## Task inputs
===============
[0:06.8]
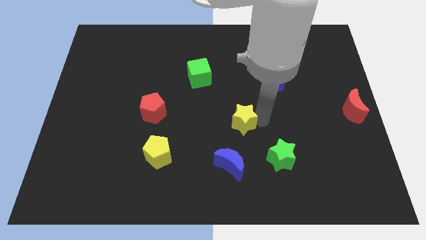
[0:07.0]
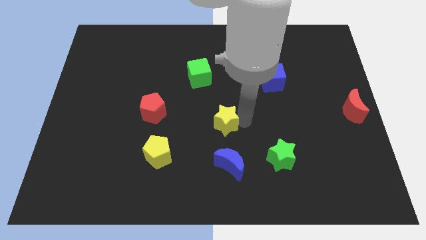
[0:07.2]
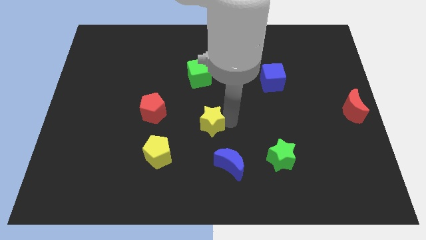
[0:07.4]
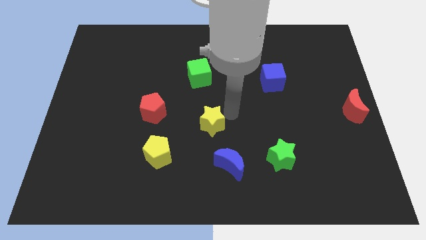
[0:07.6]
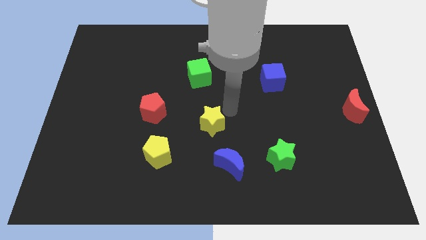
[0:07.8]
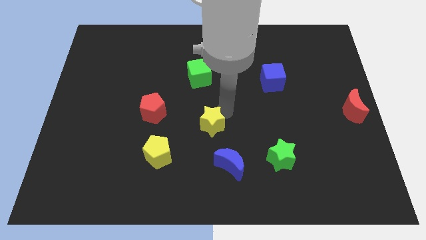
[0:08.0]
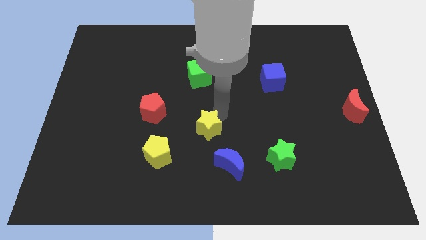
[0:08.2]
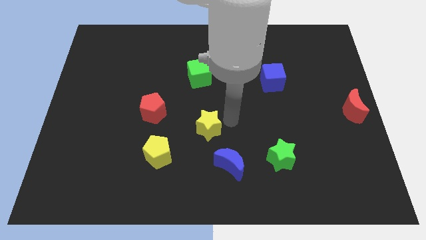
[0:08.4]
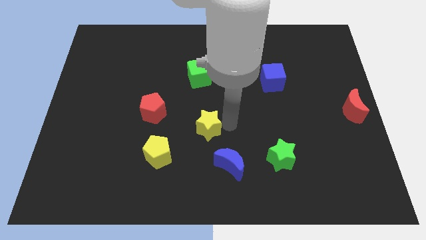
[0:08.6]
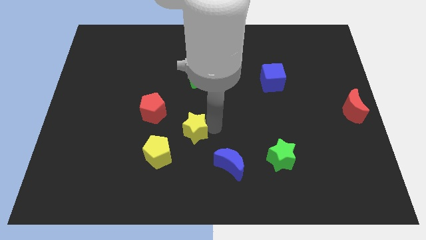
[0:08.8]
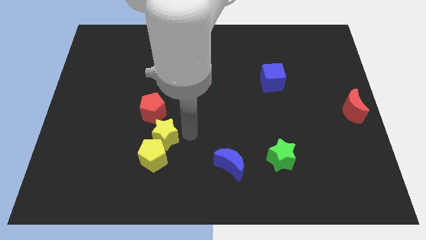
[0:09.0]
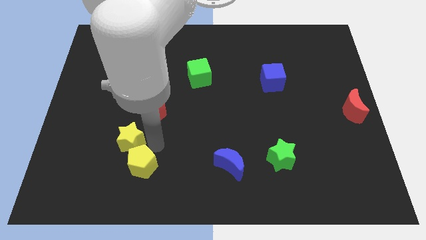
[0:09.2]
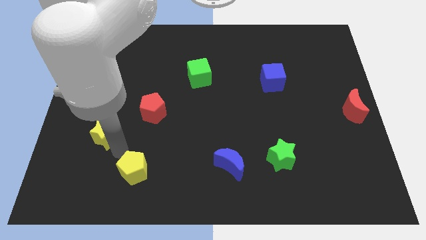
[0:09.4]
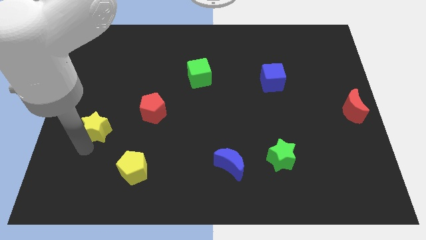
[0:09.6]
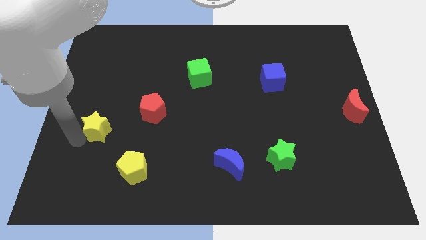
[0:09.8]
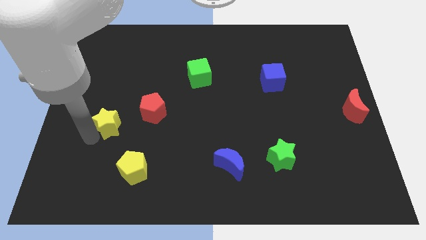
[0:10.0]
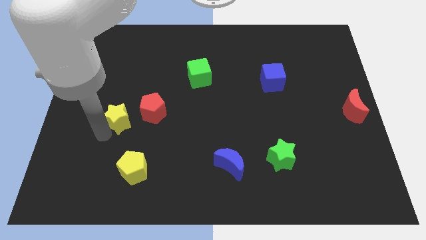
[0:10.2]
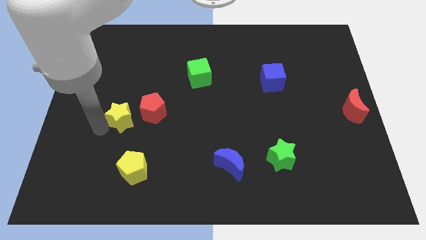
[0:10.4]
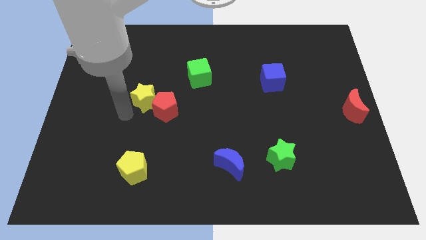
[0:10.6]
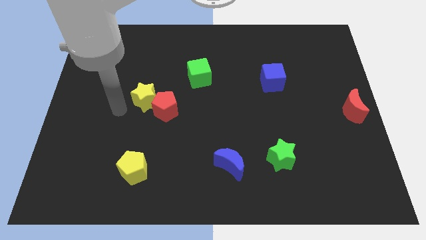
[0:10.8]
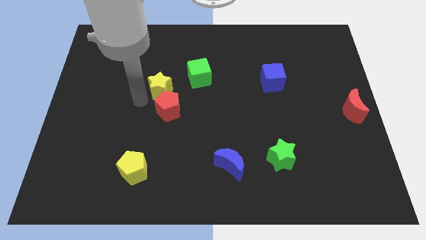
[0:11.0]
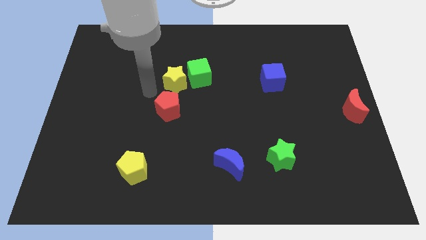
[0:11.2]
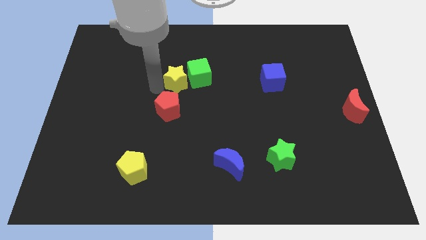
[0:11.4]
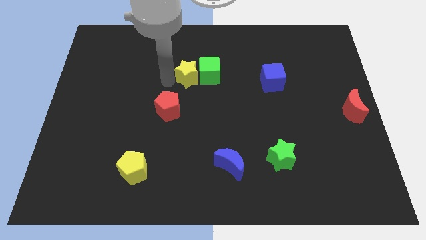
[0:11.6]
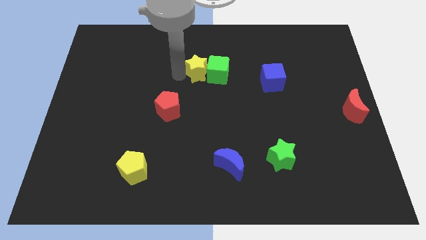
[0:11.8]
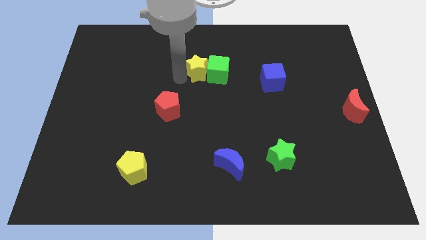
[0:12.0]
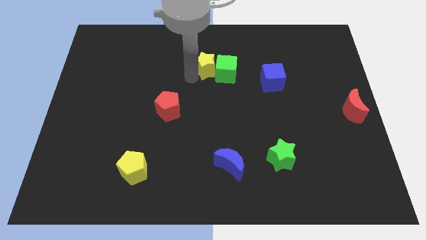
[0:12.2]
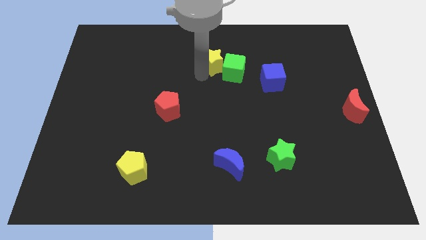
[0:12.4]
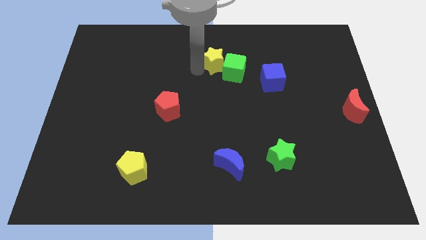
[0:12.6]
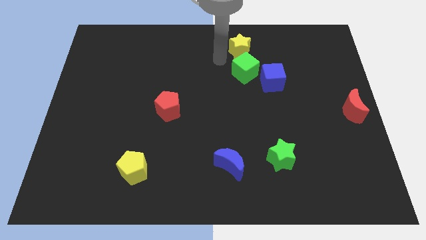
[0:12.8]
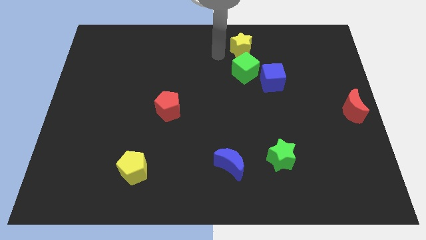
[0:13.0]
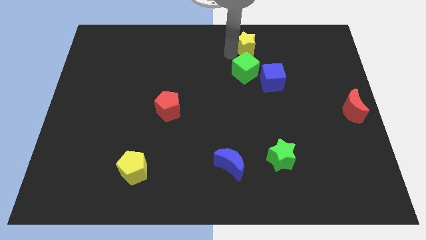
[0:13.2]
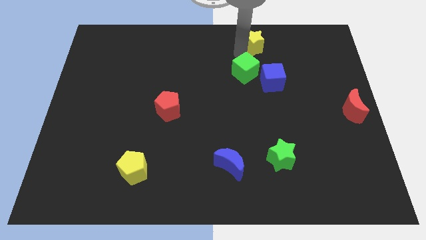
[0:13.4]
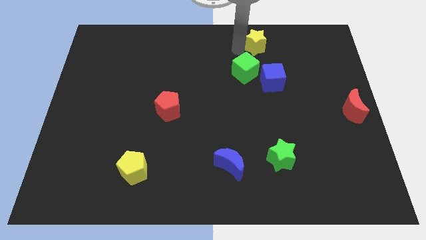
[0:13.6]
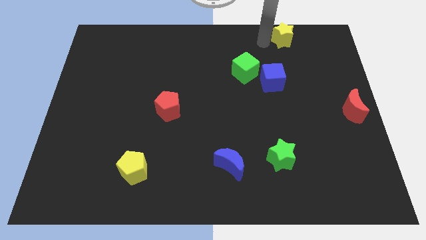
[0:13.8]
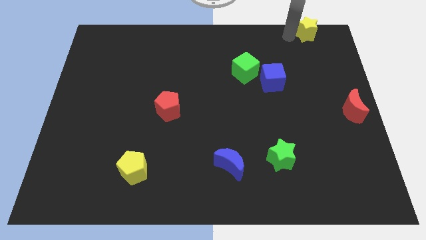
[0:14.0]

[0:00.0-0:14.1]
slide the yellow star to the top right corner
===============
## Your goal
Once the pictures are removed, repeat all of the data above exactly.

## Output below
[0:06.8]
[0:07.0]
[0:07.2]
[0:07.4]
[0:07.6]
[0:07.8]
[0:08.0]
[0:08.2]
[0:08.4]
[0:08.6]
[0:08.8]
[0:09.0]
[0:09.2]
[0:09.4]
[0:09.6]
[0:09.8]
[0:10.0]
[0:10.2]
[0:10.4]
[0:10.6]
[0:10.8]
[0:11.0]
[0:11.2]
[0:11.4]
[0:11.6]
[0:11.8]
[0:12.0]
[0:12.2]
[0:12.4]
[0:12.6]
[0:12.8]
[0:13.0]
[0:13.2]
[0:13.4]
[0:13.6]
[0:13.8]
[0:14.0]

[0:00.0-0:14.1]
slide the yellow star to the top right corner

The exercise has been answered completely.